■ **TASK MATERIAL**:
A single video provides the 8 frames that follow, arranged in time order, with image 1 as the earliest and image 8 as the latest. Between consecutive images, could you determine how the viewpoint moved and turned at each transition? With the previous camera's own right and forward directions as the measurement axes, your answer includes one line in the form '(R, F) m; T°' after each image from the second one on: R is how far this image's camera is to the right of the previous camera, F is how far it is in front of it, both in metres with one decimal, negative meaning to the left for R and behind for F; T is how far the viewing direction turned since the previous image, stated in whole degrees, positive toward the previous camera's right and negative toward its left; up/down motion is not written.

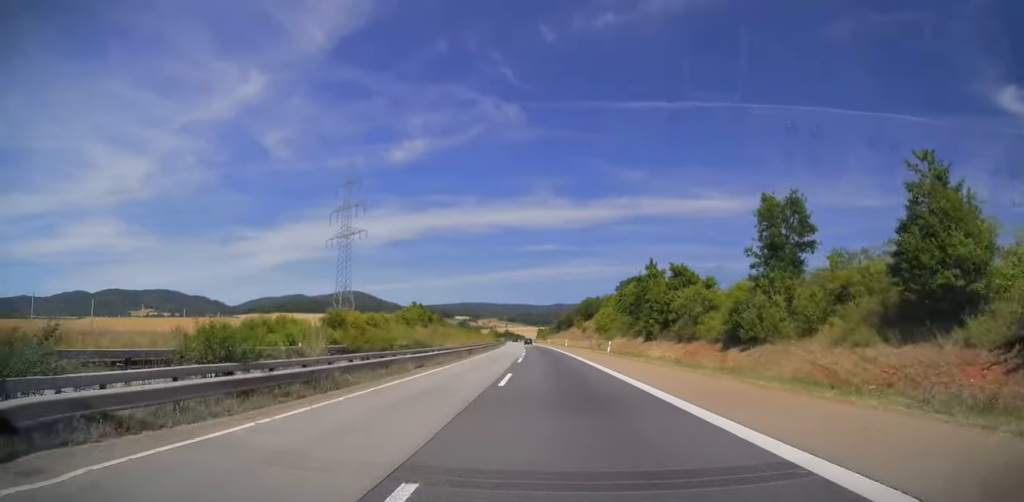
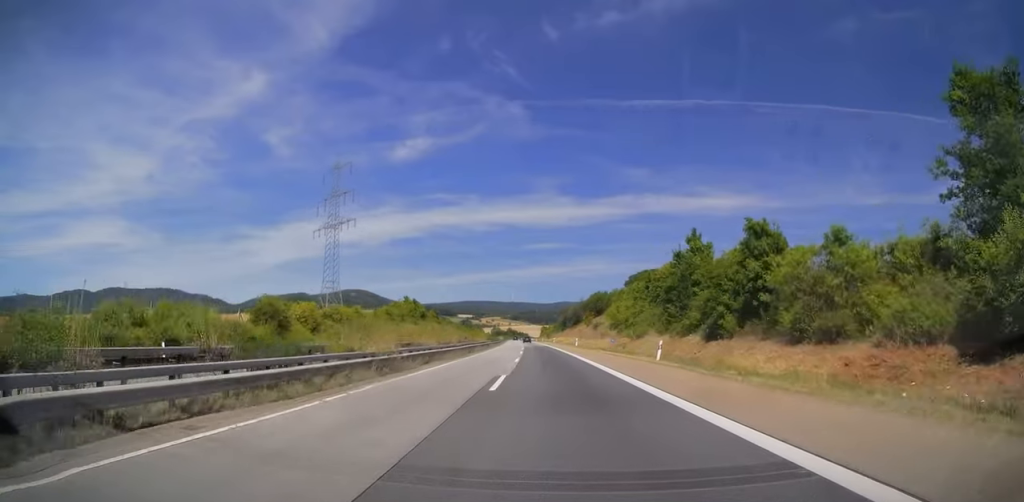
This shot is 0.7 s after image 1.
(-0.2, +20.1) m; -1°
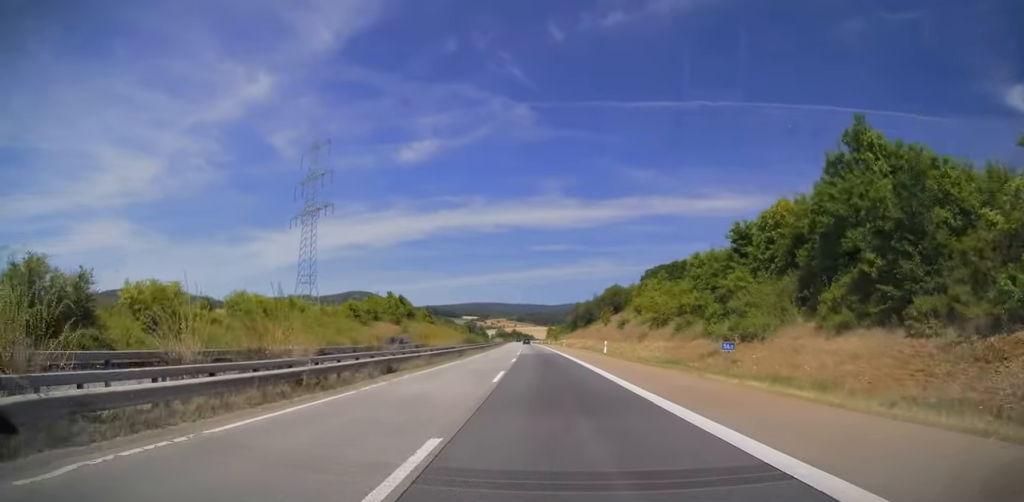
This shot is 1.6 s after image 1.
(-0.2, +30.5) m; -1°
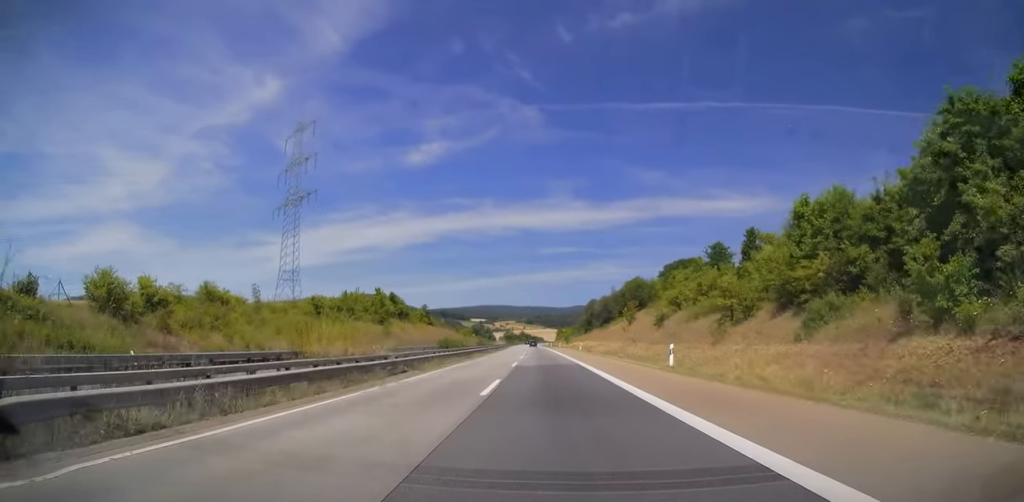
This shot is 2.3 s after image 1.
(-0.1, +22.2) m; -1°
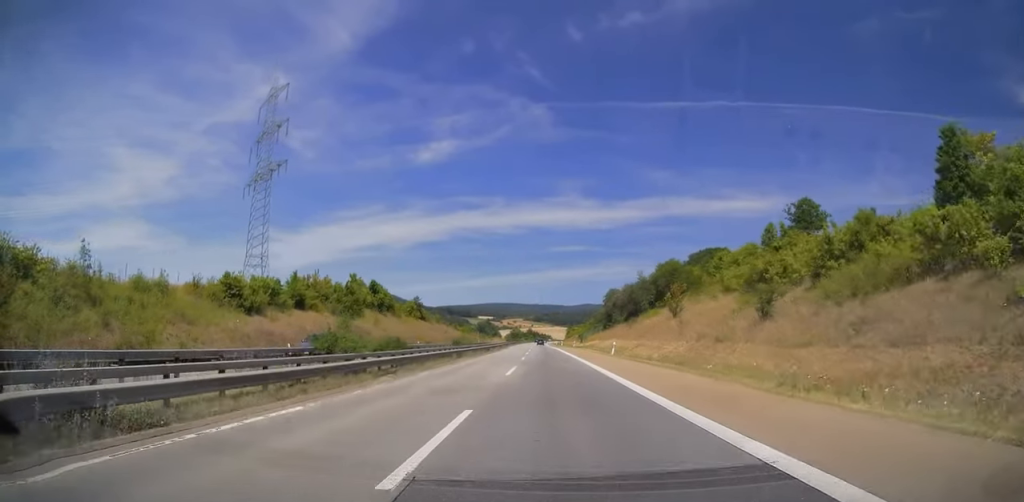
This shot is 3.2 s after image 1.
(-0.1, +27.8) m; -1°
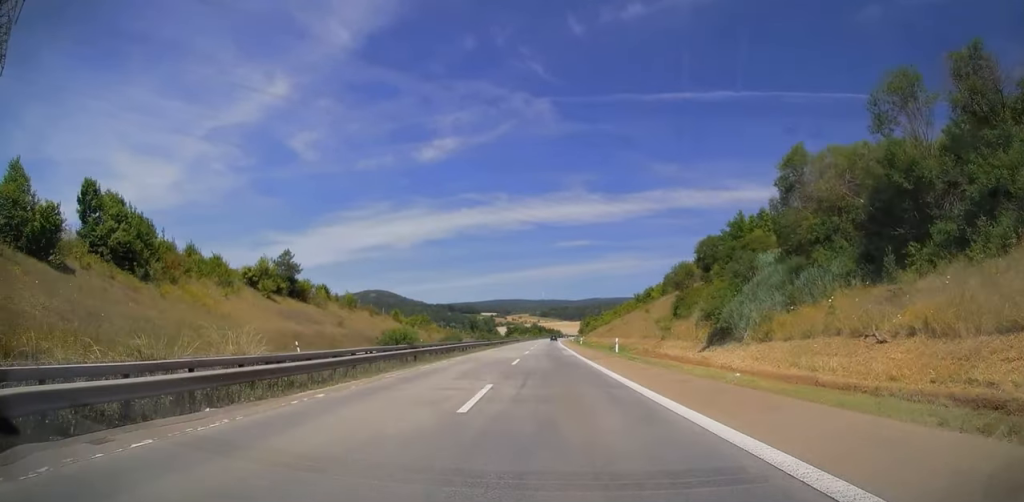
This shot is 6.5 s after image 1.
(-1.9, +101.3) m; -1°
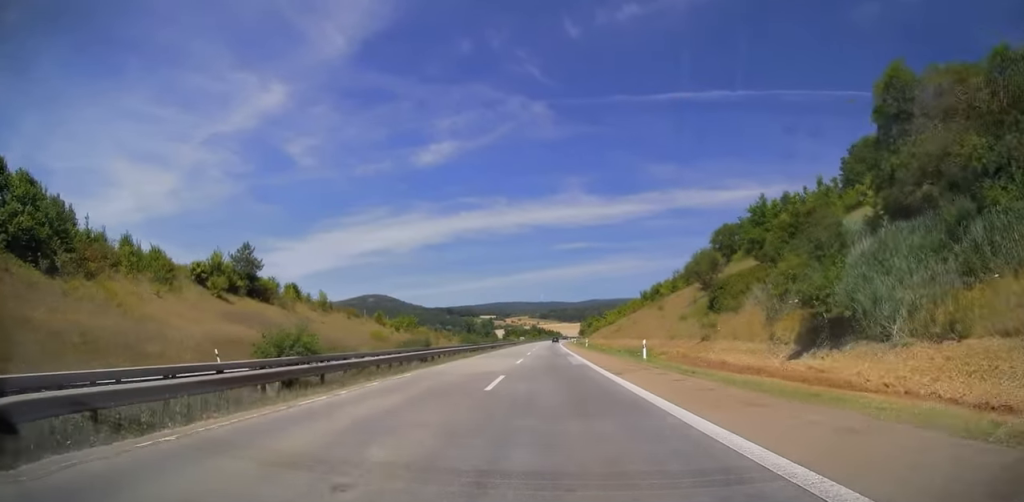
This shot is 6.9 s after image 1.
(0.0, +12.8) m; 0°
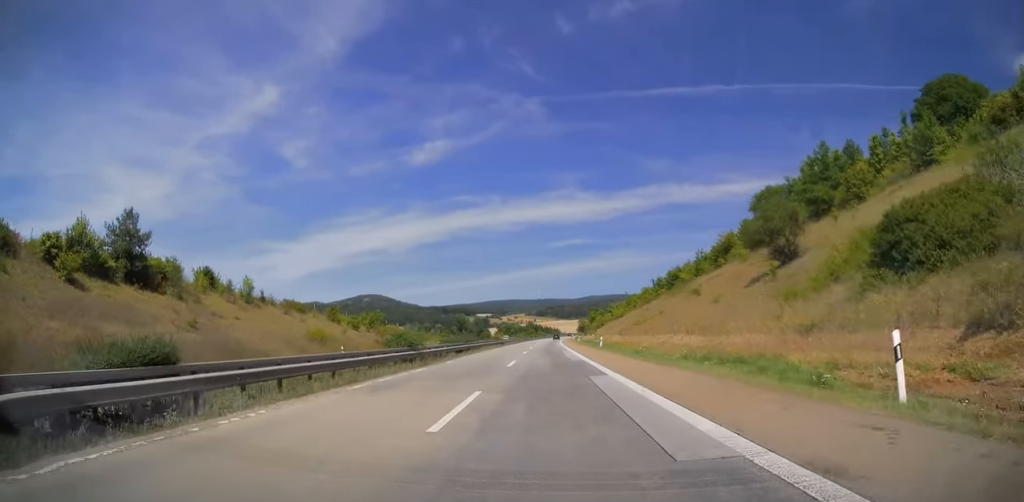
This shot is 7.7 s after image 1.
(+0.1, +24.6) m; 0°
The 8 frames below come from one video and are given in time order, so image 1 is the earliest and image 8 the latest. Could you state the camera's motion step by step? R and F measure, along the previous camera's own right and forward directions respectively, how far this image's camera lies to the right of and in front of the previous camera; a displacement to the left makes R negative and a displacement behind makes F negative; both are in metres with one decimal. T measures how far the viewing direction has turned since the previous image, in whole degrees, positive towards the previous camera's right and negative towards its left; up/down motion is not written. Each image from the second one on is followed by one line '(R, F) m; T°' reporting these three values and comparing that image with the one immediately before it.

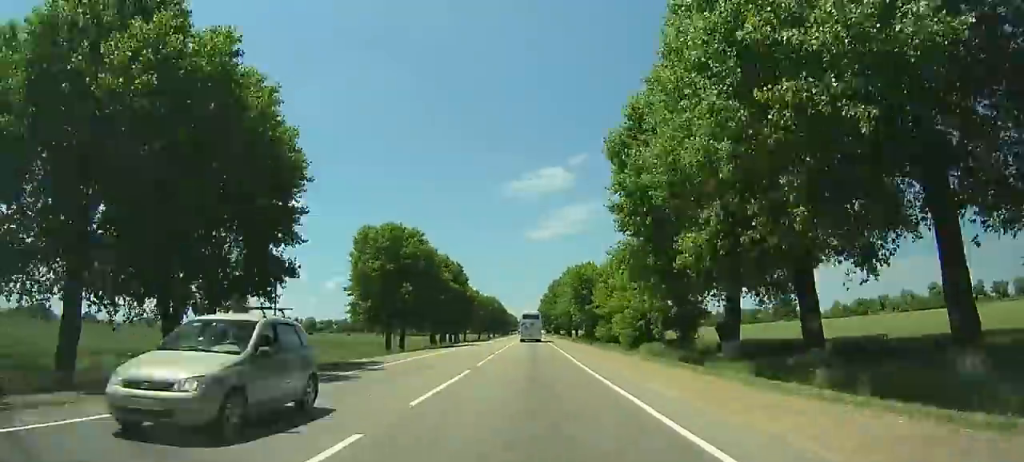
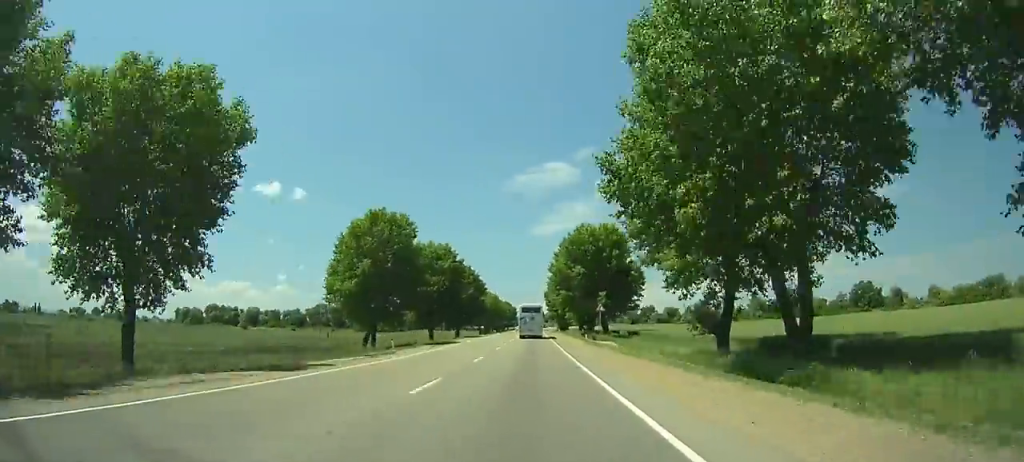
(+0.5, +112.3) m; 0°
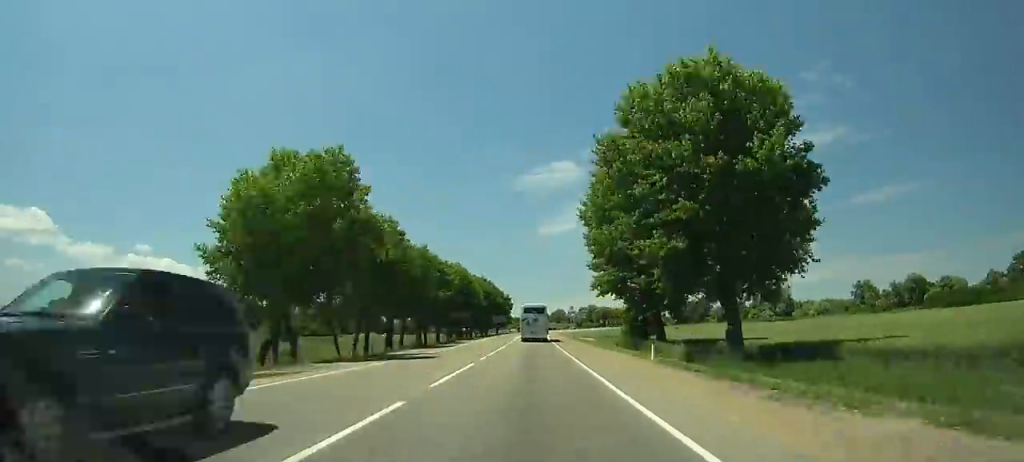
(-0.2, +127.8) m; 0°
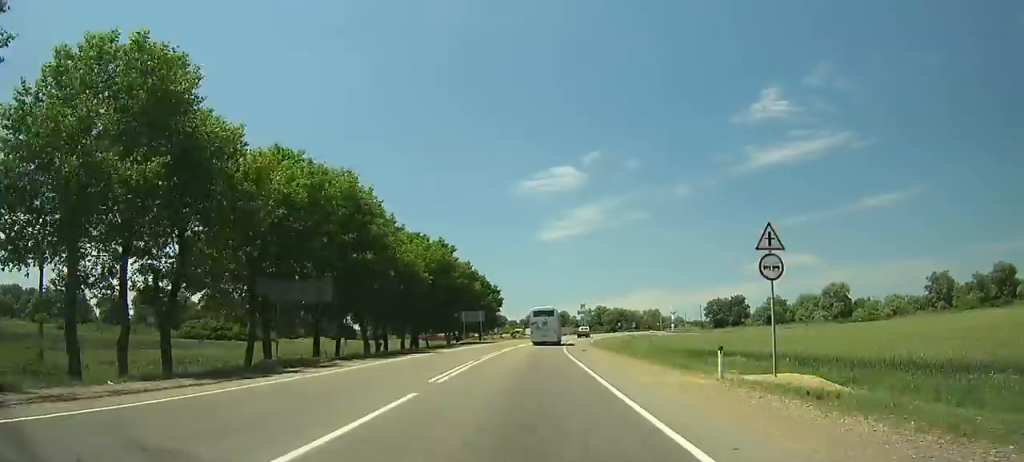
(0.0, +55.8) m; +1°
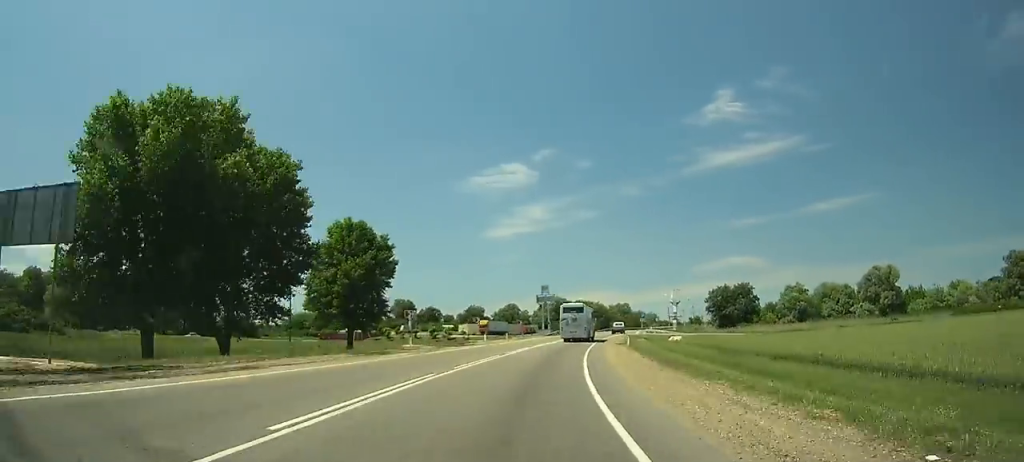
(+1.3, +66.6) m; +5°
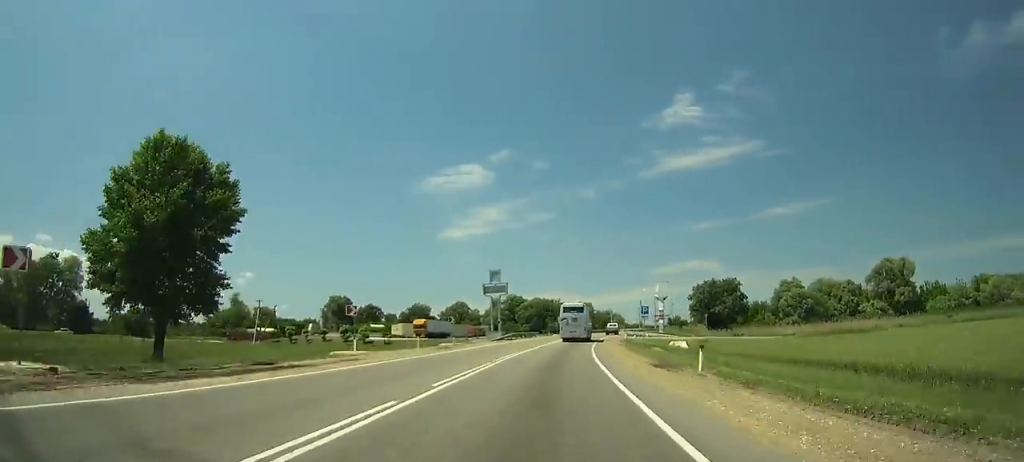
(-0.5, +29.9) m; +4°
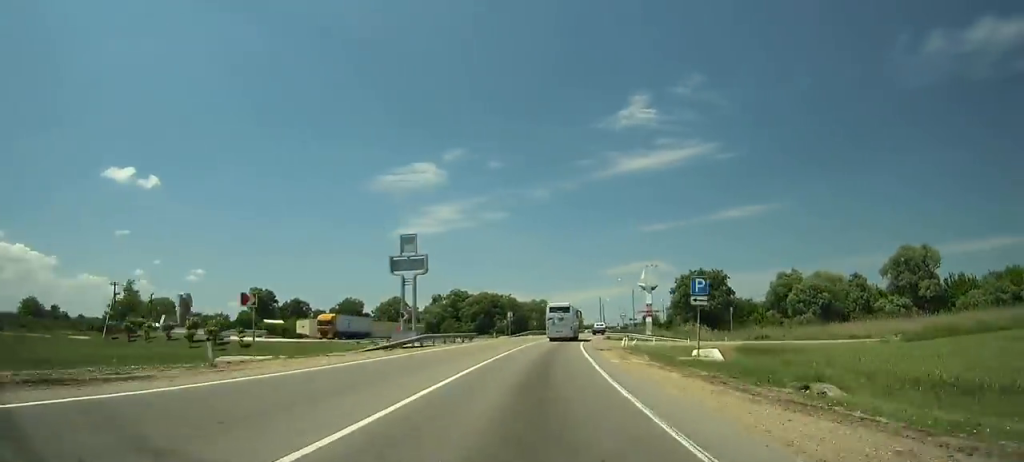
(+2.3, +29.3) m; +4°
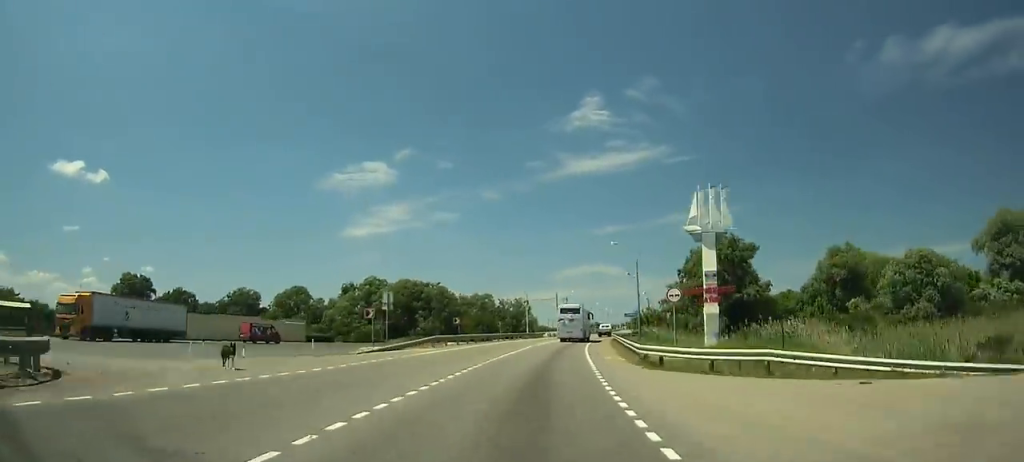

■ **EXERCISE GOAL**: Every record gets retyped exactly; no picture goes into the copy.

■ **SOLUTION FOR THIS TASK**:
A single video provides the 8 frames that follow, arranged in time order, with image 1 as the earliest and image 8 as the latest. Between consecutive images, could you determine how the viewpoint moved and turned at each transition? With the previous camera's own right and forward directions as the measurement axes, your answer includes one line in the form '(R, F) m; T°' after each image from the second one on: R is how far this image's camera is to the right of the previous camera, F is how far it is in front of it, both in metres with one decimal, negative meaning to the left for R and behind for F; T is how far the viewing direction turned since the previous image, stated in whole degrees, positive toward the previous camera's right and negative toward its left; up/down motion is not written.

This shot is 0.7 s after image 1.
(-0.2, +20.1) m; -1°
This shot is 1.6 s after image 1.
(-0.2, +30.5) m; -1°
This shot is 2.3 s after image 1.
(-0.1, +22.2) m; -1°
This shot is 3.2 s after image 1.
(-0.1, +27.8) m; -1°
This shot is 6.5 s after image 1.
(-1.9, +101.3) m; -1°
This shot is 6.9 s after image 1.
(0.0, +12.8) m; 0°
This shot is 7.7 s after image 1.
(+0.1, +24.6) m; 0°
The 8 frames below come from one video and are given in time order, so image 1 is the earliest and image 8 the latest. Could you state the camera's motion step by step? R and F measure, along the previous camera's own right and forward directions respectively, how far this image's camera lies to the right of and in front of the previous camera; a displacement to the left makes R negative and a displacement behind makes F negative; both are in metres with one decimal. T measures how far the viewing direction has turned since the previous image, in whole degrees, positive towards the previous camera's right and negative towards its left; up/down motion is not written. Each image from the second one on is followed by one line '(R, F) m; T°' reporting these three values and comparing that image with the one immediately before it.

(+0.5, +112.3) m; 0°
(-0.2, +127.8) m; 0°
(0.0, +55.8) m; +1°
(+1.3, +66.6) m; +5°
(-0.5, +29.9) m; +4°
(+2.3, +29.3) m; +4°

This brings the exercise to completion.